Tuesday, May 26, 2009

Blogging

This isn't original but I'm pretty sure there's more blog-writers than blog-readers. So does this mean that for most of us, the act of blogging is simply self-absorption, writ large? Probably. On the other hand, the best way to learn to write is to write. . So, if you think of the writing of your blog as the practicing of your craft, you're good to go.

I went to my first writer's residency earlier this summer. A residency, or this one at any rater, is not like a workshop. In a workshop, you take classes and commune with others of your ilk. In a residency, you're all alone doing you work. I'd always wanted to go to a residency. I had a big book to "finish." I needed some time away from the housedogkidskitchenjobgardendusttelevisionNPRhusbanderrands. I needed to concentrate. I applied, was accepted, packed up my rental car (we've only got one car in our attempts to be green and cheap) and headed up to the top of a mountain.

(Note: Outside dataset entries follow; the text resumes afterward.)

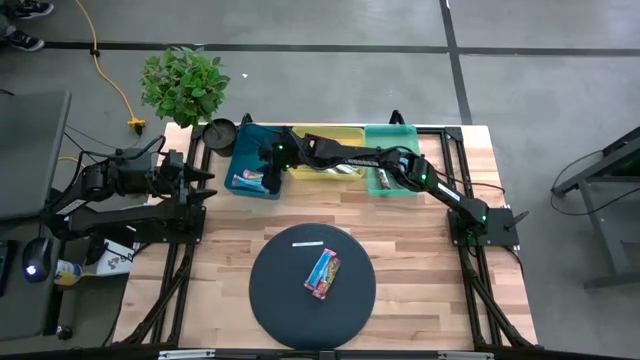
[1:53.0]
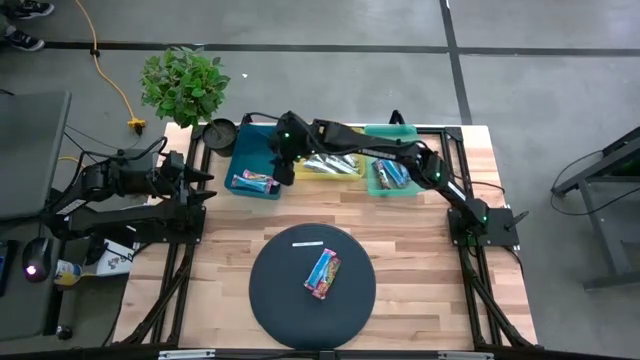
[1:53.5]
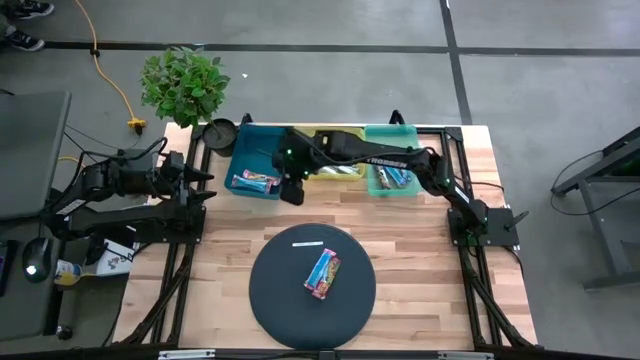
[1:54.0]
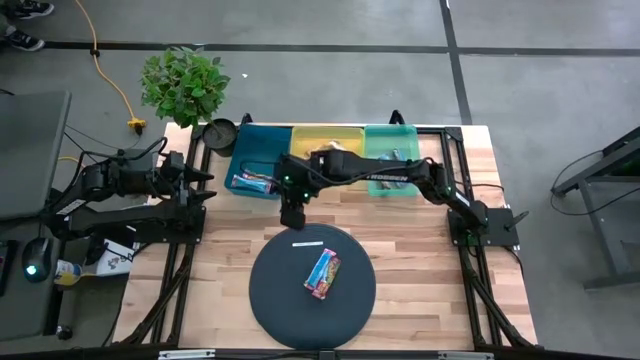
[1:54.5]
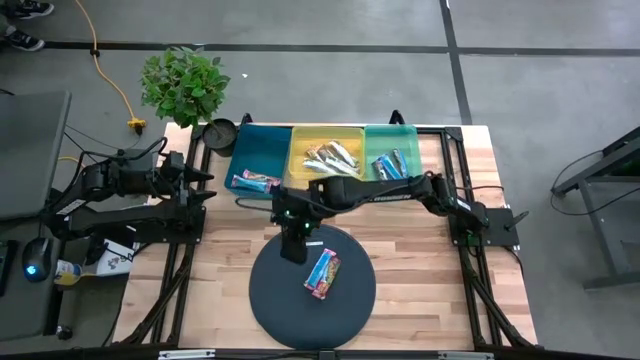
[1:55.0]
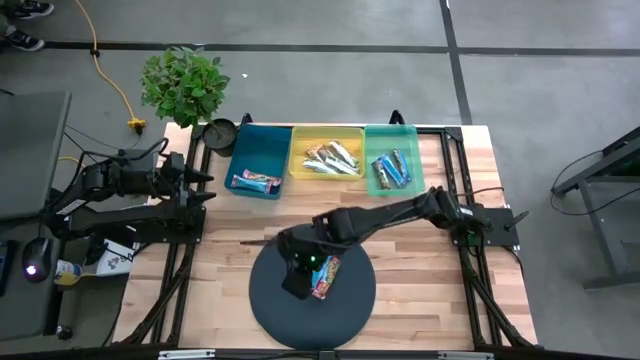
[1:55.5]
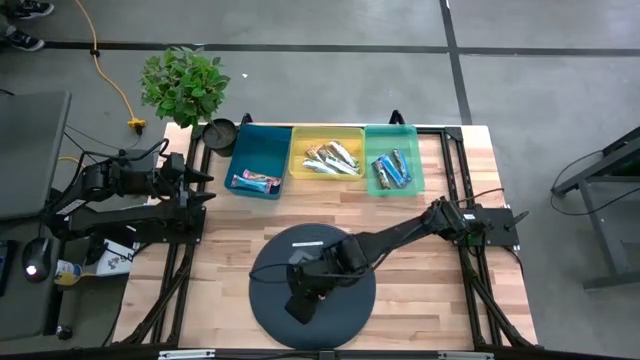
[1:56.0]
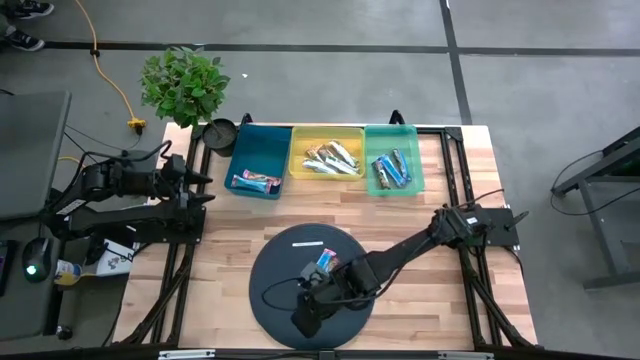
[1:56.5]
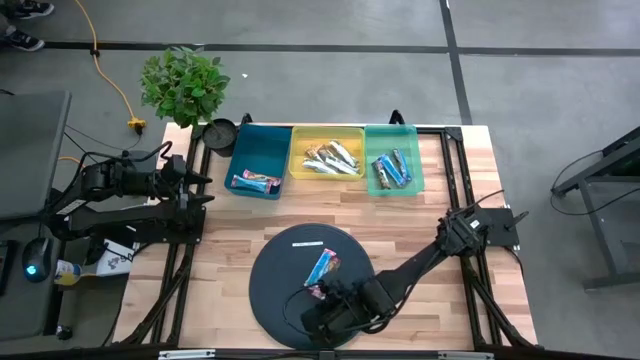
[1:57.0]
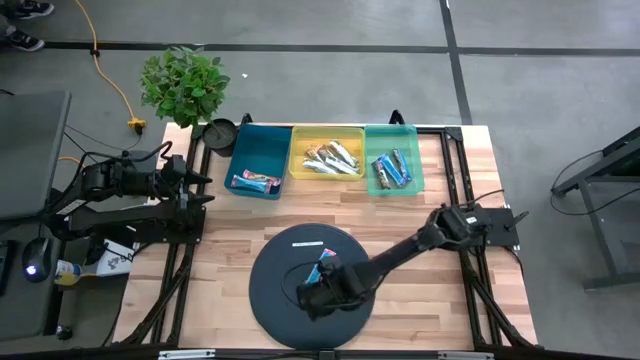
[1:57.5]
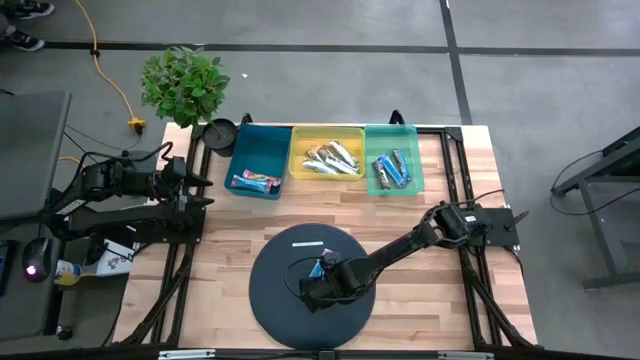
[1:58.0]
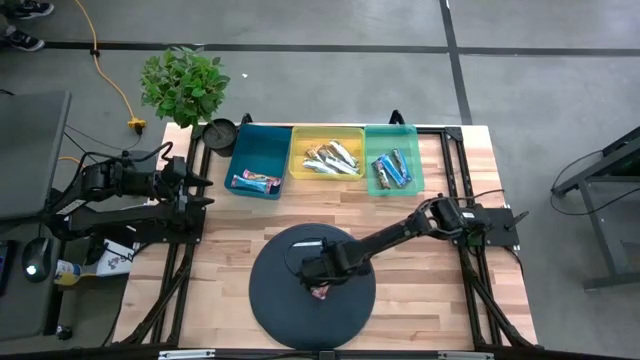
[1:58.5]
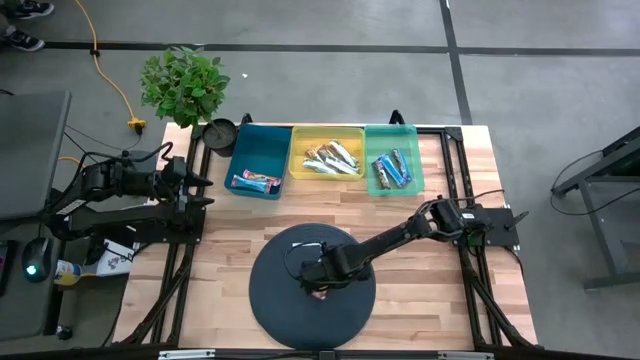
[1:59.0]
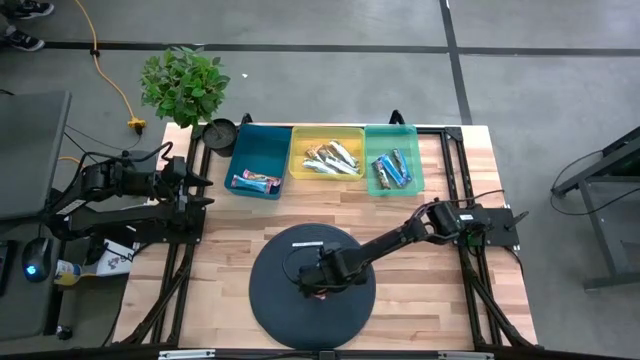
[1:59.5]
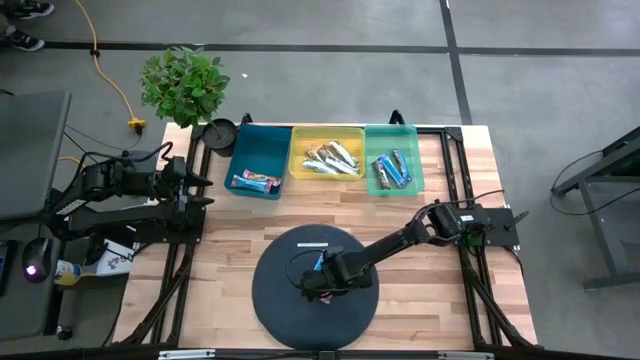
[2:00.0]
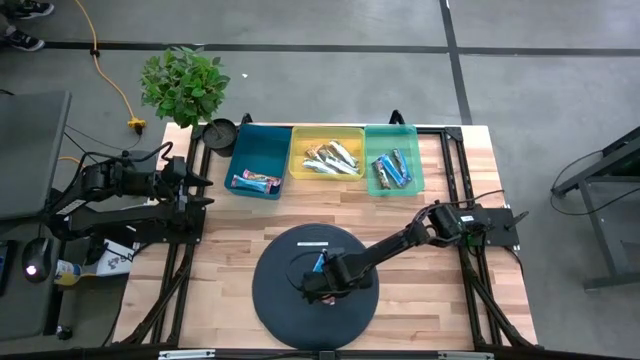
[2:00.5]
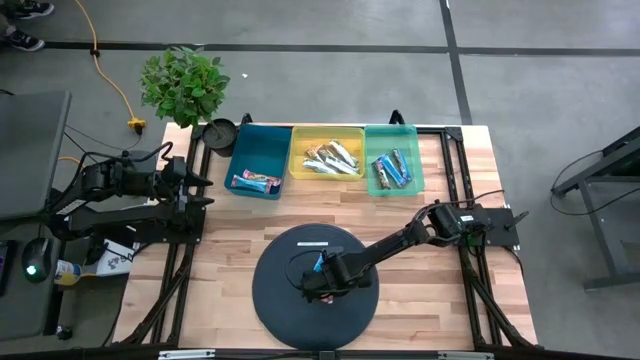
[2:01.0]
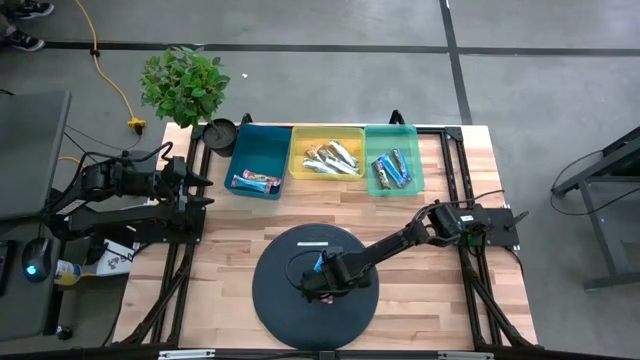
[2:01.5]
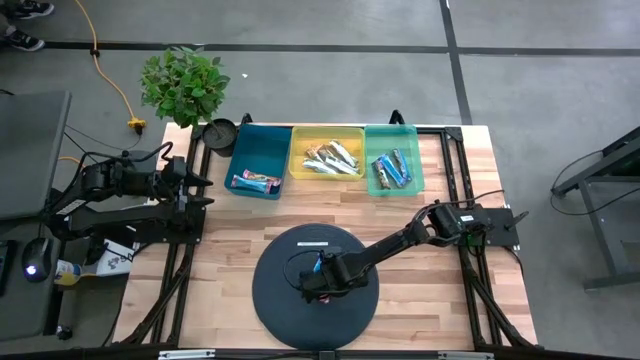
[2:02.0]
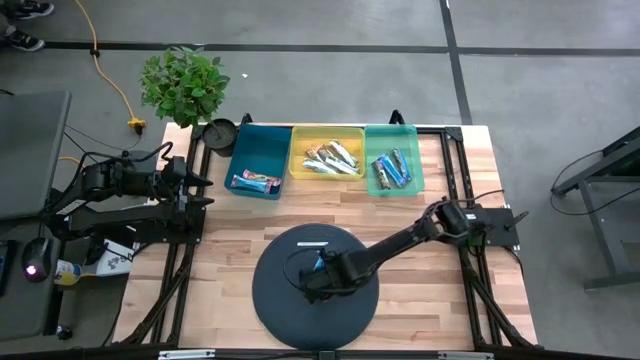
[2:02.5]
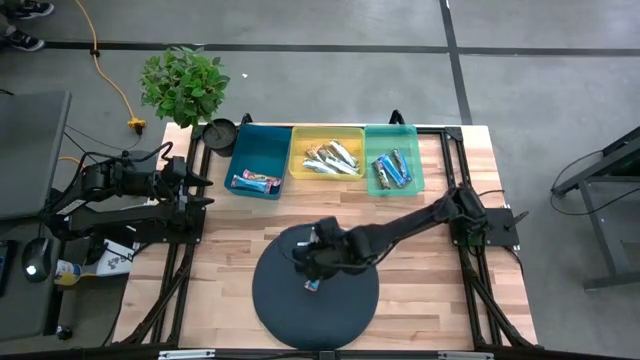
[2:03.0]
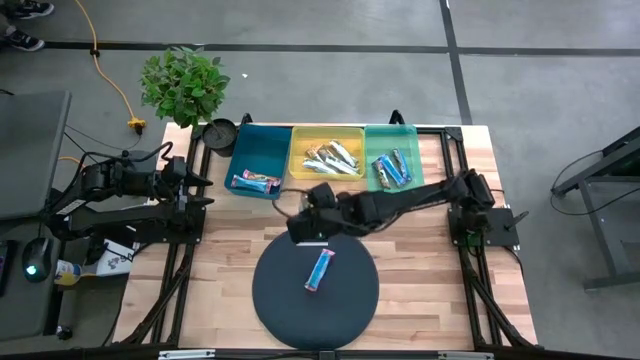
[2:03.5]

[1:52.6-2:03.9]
Put the red granola bar into the blue bin

I wrote and wrote and wrote. For dinner, I hiked for twenty minutes up to the tippy-top of the mountain where there sits a beautiful retreat--a lovely place where groups of people: State Park people from South Carolina! African drummers from Georgia! go and have meetings and take classes and hang out. I ate at the staff table. I am very friendly but also pretty shy. The small talk was difficult for me. After dinner, I packed up some of the leftovers--biscuits, salmon--and headed back down the mountain pretty fast. I was apparently more afraid of making small talk than I was of hiking down a deeply forested mountain holding a plate of salmon. (Here, Bears. Come on and get it.)

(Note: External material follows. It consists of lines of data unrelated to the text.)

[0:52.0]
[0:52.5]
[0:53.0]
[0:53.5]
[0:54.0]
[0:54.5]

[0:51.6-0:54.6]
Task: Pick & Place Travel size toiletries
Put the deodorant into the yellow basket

As I say, I wrote and wrote and wrote. It was exactly like you'd think it would be. What I liked the best was what I discovered about myself. Apparently, I'm a pragmatist. I didn't spend a lot of time thinking about me me me. I didn't philosophize much. I thought neither about art nor about life. What I did was work. I wrote in the big bed, which I didn't bother to make during the day, because mostly I was sitting in it and writing. I ate when it was necessary and I walked around a little because it was, after all, in the gorgeous mountains. I read minimally, except what I needed to read for my work which turned out to be a book about eclipses and another book about Jewish mothers. Like many of the others who'd used that cabin--you could read all about it in the journals in the cabin; entries by each of the cabin dwellers--I haven't yet quit my day job. So for us hobbyists, this residency was like a cross between a big fat birthday present with a bow, on one hand, and on the other, rescue, pure and simple.

Anyhow, up there I put the last period on the first draft. It was an excellent experience, despite the quantity of cave crickets in the bathroom.